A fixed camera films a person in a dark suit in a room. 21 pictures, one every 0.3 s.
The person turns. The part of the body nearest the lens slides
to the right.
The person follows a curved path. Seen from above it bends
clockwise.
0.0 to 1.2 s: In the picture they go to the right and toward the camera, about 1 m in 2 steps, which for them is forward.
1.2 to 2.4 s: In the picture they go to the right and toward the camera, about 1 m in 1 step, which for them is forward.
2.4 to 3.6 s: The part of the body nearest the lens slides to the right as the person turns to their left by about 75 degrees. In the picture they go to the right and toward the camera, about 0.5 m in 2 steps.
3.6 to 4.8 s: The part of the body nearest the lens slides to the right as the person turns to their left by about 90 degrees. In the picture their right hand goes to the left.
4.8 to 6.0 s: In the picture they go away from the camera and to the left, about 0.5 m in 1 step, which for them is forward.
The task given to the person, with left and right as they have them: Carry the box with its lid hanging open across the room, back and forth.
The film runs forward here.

◇ ◇ ◇

Reproduce the listing above character for character.

A fixed camera films a person in a dark suit in a room. 21 pictures, one every 0.3 s.
The person turns. The part of the body nearest the lens slides
to the right.
The person follows a curved path. Seen from above it bends
clockwise.
0.0 to 1.2 s: In the picture they go to the right and toward the camera, about 1 m in 2 steps, which for them is forward.
1.2 to 2.4 s: In the picture they go to the right and toward the camera, about 1 m in 1 step, which for them is forward.
2.4 to 3.6 s: The part of the body nearest the lens slides to the right as the person turns to their left by about 75 degrees. In the picture they go to the right and toward the camera, about 0.5 m in 2 steps.
3.6 to 4.8 s: The part of the body nearest the lens slides to the right as the person turns to their left by about 90 degrees. In the picture their right hand goes to the left.
4.8 to 6.0 s: In the picture they go away from the camera and to the left, about 0.5 m in 1 step, which for them is forward.
The task given to the person, with left and right as they have them: Carry the box with its lid hanging open across the room, back and forth.
The film runs forward here.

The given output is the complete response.